2.1. Bird Properties
At low speeds, the mechanical characteristics of normal avian bird tissues are neither uniform nor homogeneous. However, as a bird travels at higher speeds, this nonuniformity and inhomogeneity become less significant, and it may be fairly assumed that it is a homogenous jet of fluid striking a structure [23]. The material properties of a bird in deformation are frequently described using various hydrodynamic models. A recent study [24] revealed that the Mooney–Rivlin hyperelastic material model of ballistic gelatin can be a good substitute to create realistic bird impact scenarios. When analyzing the damage to aerostructures, the Lagrange–Mooney–Rivlin model can be used with reliability. It produced a similar impact [25] with the SPH water EOS model, despite some variances observed during the damage predictions. Mooney–Rivlin parameters are utilized in simulations, as shown in Table 1.
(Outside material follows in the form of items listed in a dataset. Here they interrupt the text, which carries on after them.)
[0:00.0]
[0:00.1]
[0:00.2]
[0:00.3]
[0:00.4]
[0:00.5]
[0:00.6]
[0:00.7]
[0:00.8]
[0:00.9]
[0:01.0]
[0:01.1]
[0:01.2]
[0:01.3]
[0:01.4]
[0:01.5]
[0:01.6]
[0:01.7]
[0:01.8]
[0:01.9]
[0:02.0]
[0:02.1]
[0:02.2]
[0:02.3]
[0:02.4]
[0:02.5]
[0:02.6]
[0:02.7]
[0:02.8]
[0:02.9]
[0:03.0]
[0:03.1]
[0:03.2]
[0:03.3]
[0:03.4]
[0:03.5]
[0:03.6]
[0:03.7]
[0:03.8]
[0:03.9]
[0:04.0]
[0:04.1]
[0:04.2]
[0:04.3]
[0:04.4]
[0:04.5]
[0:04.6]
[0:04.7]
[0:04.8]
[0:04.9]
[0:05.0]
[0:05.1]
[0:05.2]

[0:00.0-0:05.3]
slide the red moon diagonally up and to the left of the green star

The maximum bird mass allowed by the existing bird mass standards for bird–aircraft hit scenarios is 4.3 lb (or 1.95 kg) for the bird. Three geometric bird models have been widely used to simulate bird strike incidents in general: cylindrical with a straight end, hemispherical cylindrical with a hemispherical end, and ellipsoid. A straight-ended cylindrical bird with a radius of 60 mm and an overall length of 180 mm was used for the current numerical investigations to obtain a bird weight of around 1.97 kg. The relative velocity of the bird was calculated as 225 m/s using a cruising speed of 300 km/h and a fan blade rotating speed of 3000 RPM. Its starting velocity in the normal Z-direction was set to 225 m/s, and its initial mass density was set as 968 kg/m3. The 3D 8-node fully integrated explicit solid elements used for the meshing of the bird model, with a total of 4137 elements, were found to allow fast simulation runs without compromising accuracy.
2.2. The Flexible Fan Blade
A fan blade with the original specifications was designed in the SolidWorks application and then was imported into the hyper mesh to obtain the necessary mesh type with the desired number of elements. The fan blade was meshed and then imported into Ansys Workbench for explicit dynamic analysis. The fan blade incorporates the selected optimized joint design from earlier work on the sub-element and plate-level analyses.
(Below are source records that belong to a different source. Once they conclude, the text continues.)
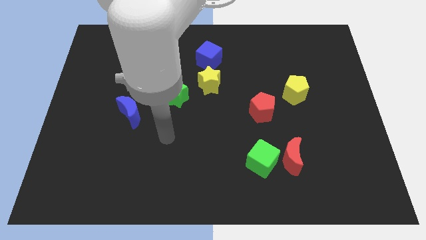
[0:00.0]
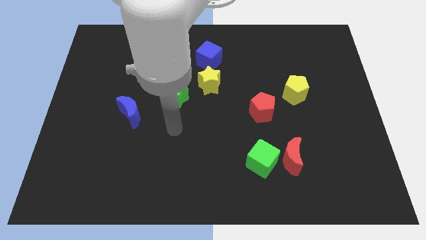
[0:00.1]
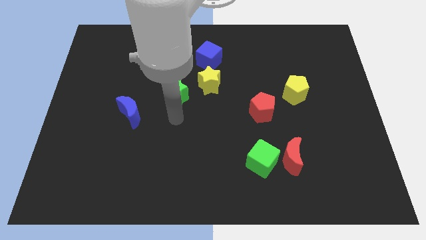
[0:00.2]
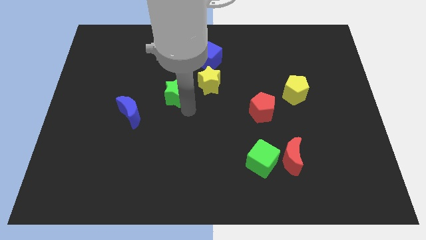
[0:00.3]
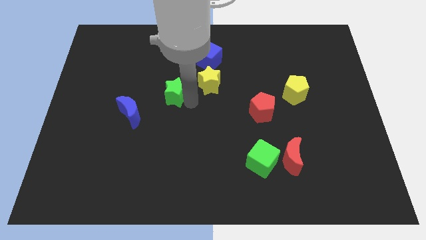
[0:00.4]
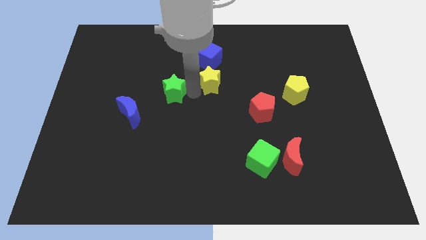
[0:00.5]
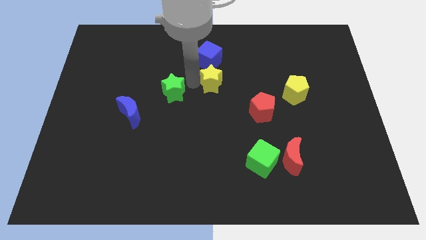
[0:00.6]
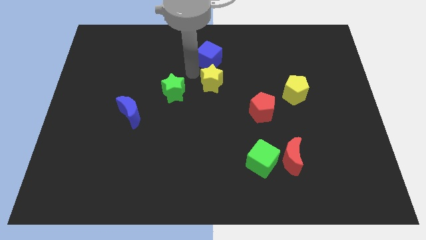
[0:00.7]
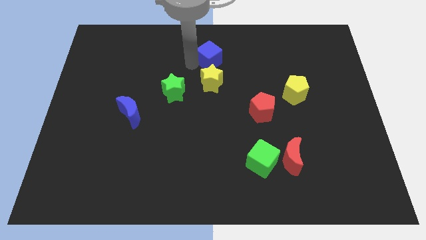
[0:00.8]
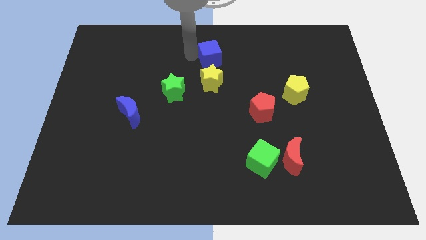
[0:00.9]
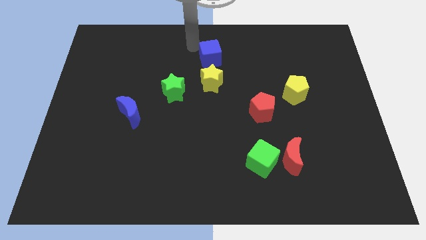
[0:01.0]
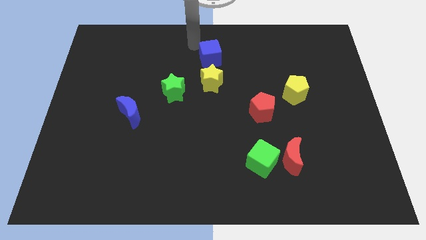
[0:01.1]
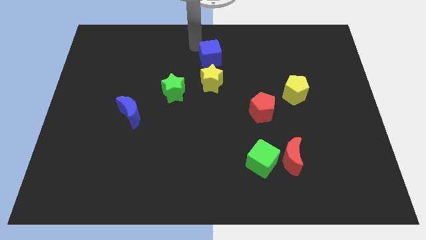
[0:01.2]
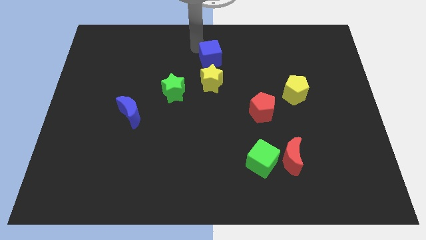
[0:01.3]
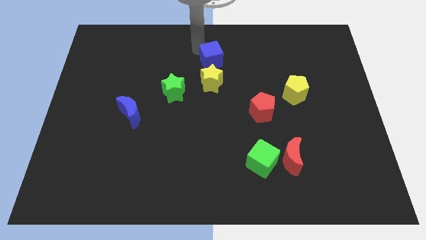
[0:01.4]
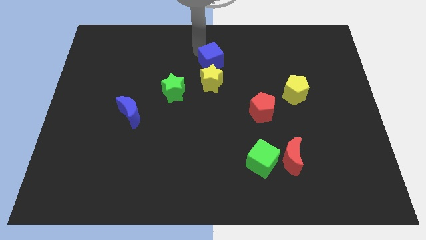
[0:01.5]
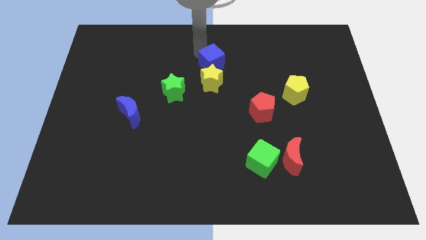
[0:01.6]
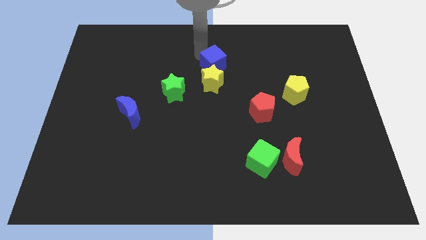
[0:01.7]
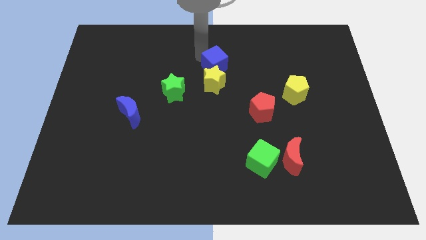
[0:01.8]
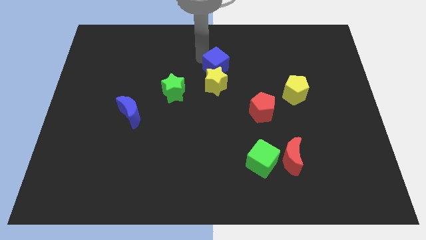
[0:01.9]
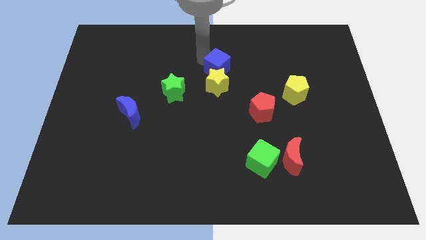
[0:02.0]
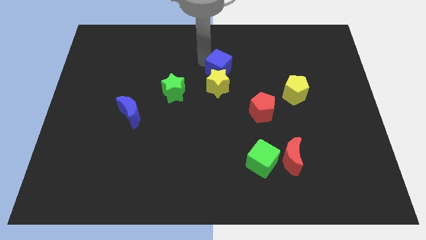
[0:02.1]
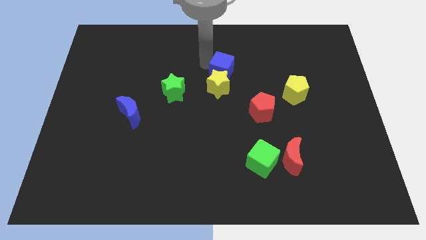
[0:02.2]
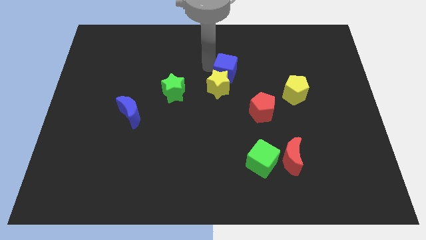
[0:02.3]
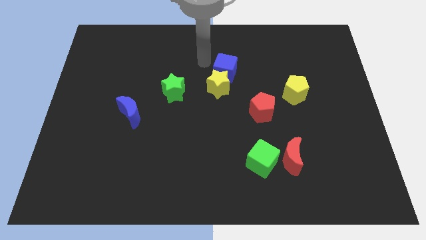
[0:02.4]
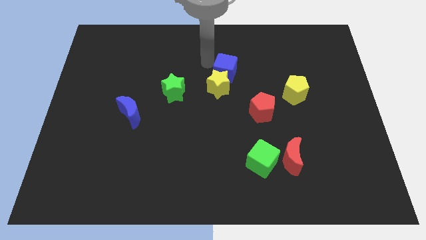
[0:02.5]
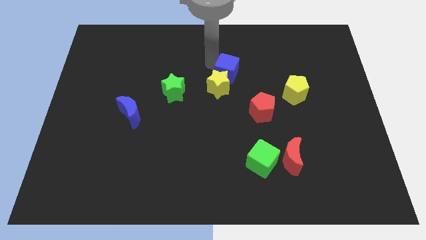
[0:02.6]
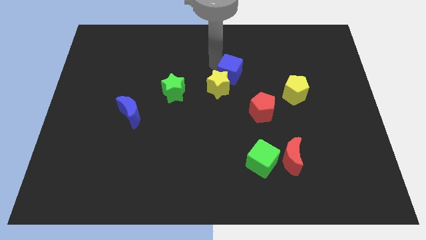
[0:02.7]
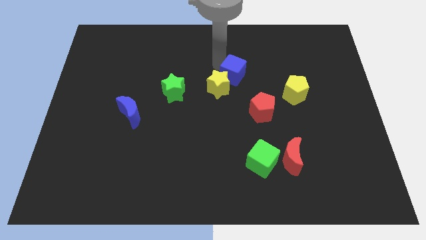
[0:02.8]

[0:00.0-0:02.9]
move the blue cube to the right of the yellow star

A carbon and glass epoxy composite was utilized in the fan blade, as shown in the proposed plan, and a titanium alloy (Ti6Al4V) was used for the cap on the leading edge of the fan blade; the properties are listed in Table 2. Figure 3 shows a schematic representation of an isometric view of a bird strike on the leading edge of a flexible fan blade, as well as top and bottom views of a fan blade. The dimensions of the fan blade used are 550 × 1050 × 7.5 mm (based on the real fan blade size). Although, in a real blade, the thickness dimensions span- and chord-wise also vary, in this research, it is approximated as a constant thickness. The three bird impact locations were considered, as shown in the figure: at 80%, 60%, and 40% of the fan blade height from the bottom, and the glass composite joint in the span direction was also considered as 80%, 60%, and 40% of the overall length of the fan blade, as shown in Figure 4.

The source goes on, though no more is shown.